Он был одет дорого и немного крикливо, как это принято у богатых кинтарийцев — вещи должны быть яркими и броскими, чтобы сразу видно было, что перед тобой важная персона. Халат из небесно-голубого шёлка, отделанного золотой нитью, изящная шапочка с гербом торговой гильдии (и не медным, а золотым, да ещё и с камешками), сапоги и широкий пояс из драгоценной розовой кожи. Множество золотых перстней, пряжек, цепей и других украшений — каждому ясно, человек не из бедных. Да и стеклянные кубки подобной работы стоили дороже серебряных, любой сообразит, что сделать подобную красоту способен только настоящий мастер. А работа мастера ценится ой как высоко!
Его собеседник, разделявший с хозяином скуку долгой дороги в роскошном возке, с готовностью кивнул. Он получал деньги — и немалые — не только за умение вести торговые дела, но и за роль слушателя. Ведь дорога длинна, и что ещё остается неотягощенному заботами Аболу Тади, как не пить вино и не изводить младшего приказчика бесконечными разговорами. Груз уложен и опечатан, за охраной следит Чимлан, который на этом деле собаку съел… Да и возницы опытны. Вот и получается, что вмешиваться хозяину не во что.
Впрочем, Кырт мог бы справедливо заметить, что господин старший приказчик Аболу Тади тут хозяин постольку поскольку. То есть, хотя в товарах и есть немалая его доля, но основная часть вьюков принадлежит старику Умару. И основная часть ещё не посчитанных доходов — тоже. Пройдет лет десять — и, возможно, будут ползти по Пустоши караваны, целиком принадлежащие господину Тади… Пожалуй, тогда господин Тади, как нынче Умар, будет безвылазно сидеть в Кинте Северном, а в путь (опасный путь, что ни говори) отправятся другие, помоложе, побойчее.
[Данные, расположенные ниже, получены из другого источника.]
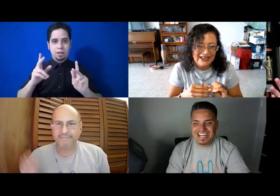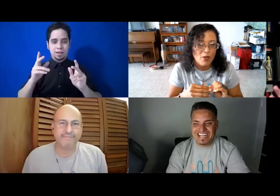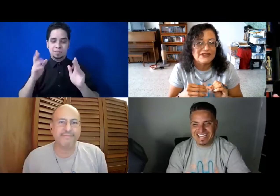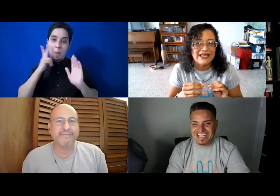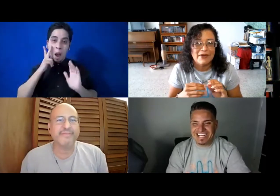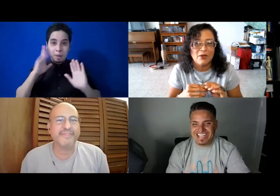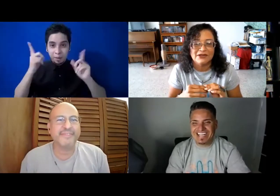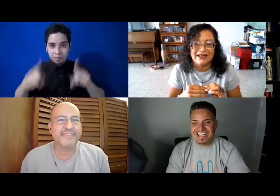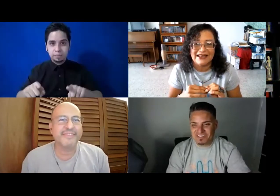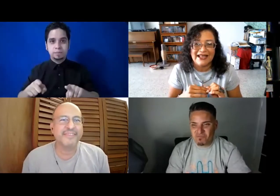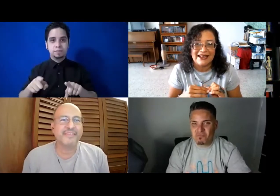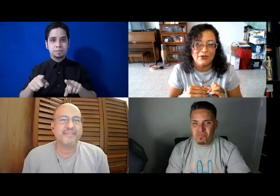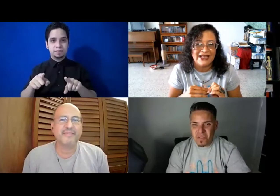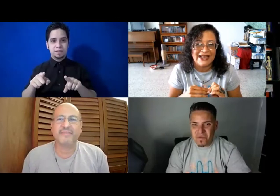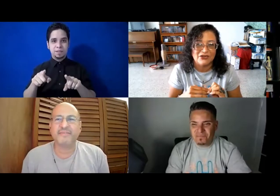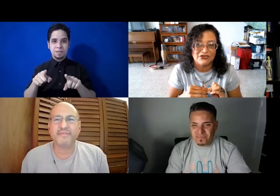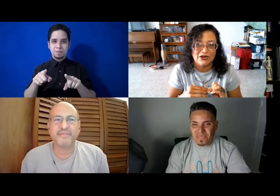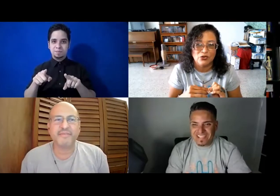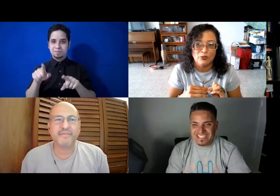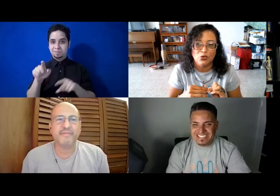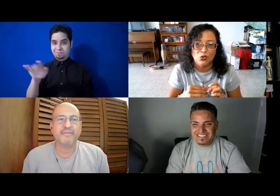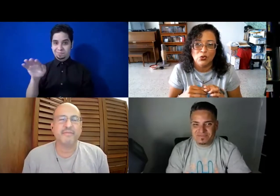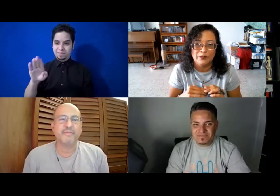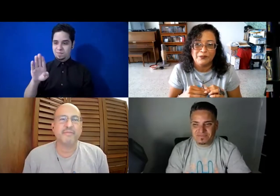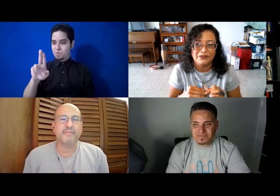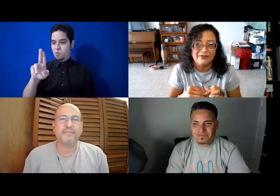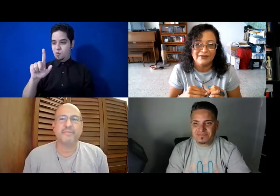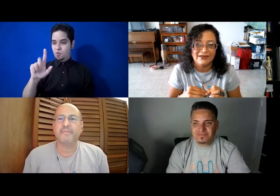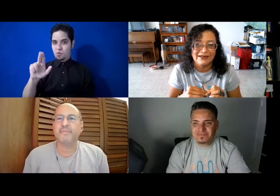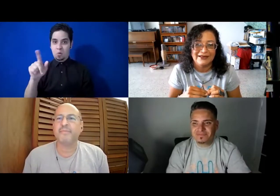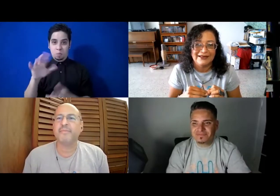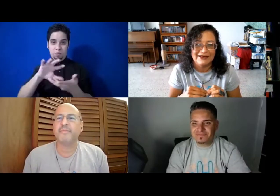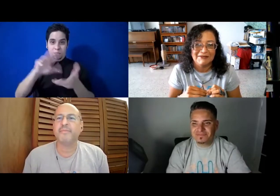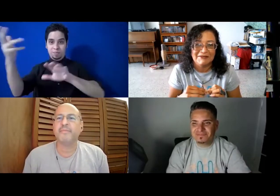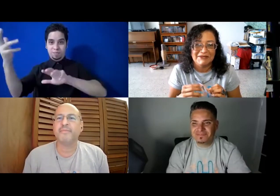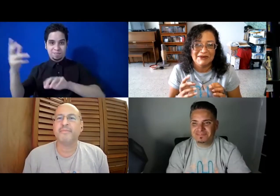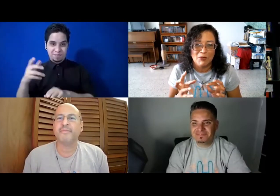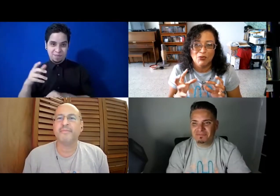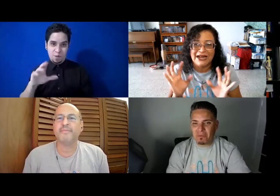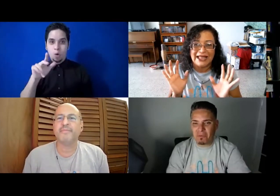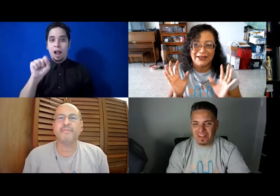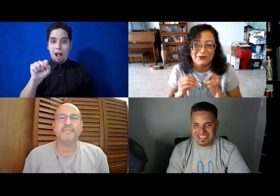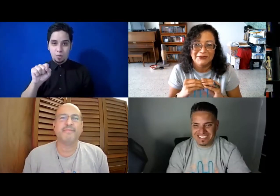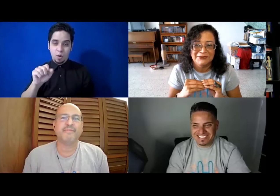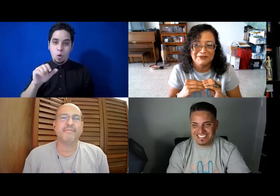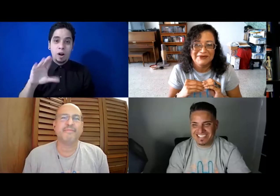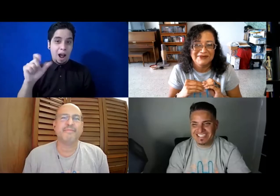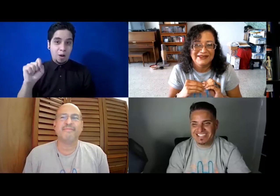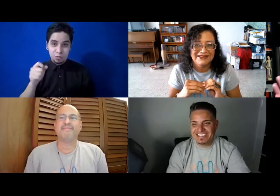¿Cómo se haría eso? bululú, como un reguero. Un caos, un

И уже господин Тади будет определять, сколько охранников нанять, да кого из проводников пригласить. А тот, кто поедет через чёрные земли в хозяйской повозке, будет недобрым словом поминать господина Тади за прижимистость. Ничего не меняется.
— Именно что не из лучших, господин, — Кырт решил, что одного кивка недостаточно. — Я слыхал, как раз на днях отряд Жалдора предлагал свои услуги. Вот у него молодцы как на подбор, рубаки отменные, да и порядок блюдут.
— Ну, допустим, Жалдор за свои услуги берёт не по-божески, — Аболу Тади презрительно скривил мясистые губы, давая понять, что наёмники — они наёмники и есть, все одинаковы, только ценой различаются. К наёмникам обращались те, кто победнее, наиболее богатые торговцы содержали собственных стражников,… это расценивалось как известный показатель благосостояния. Сам Аболу надеялся, что в будущем у него найдётся не только достаточно товаров, чтобы снарядить собственный караван, но и хватит средств на постоянную охрану. — А вот с Чимланом связываться не стоило бы.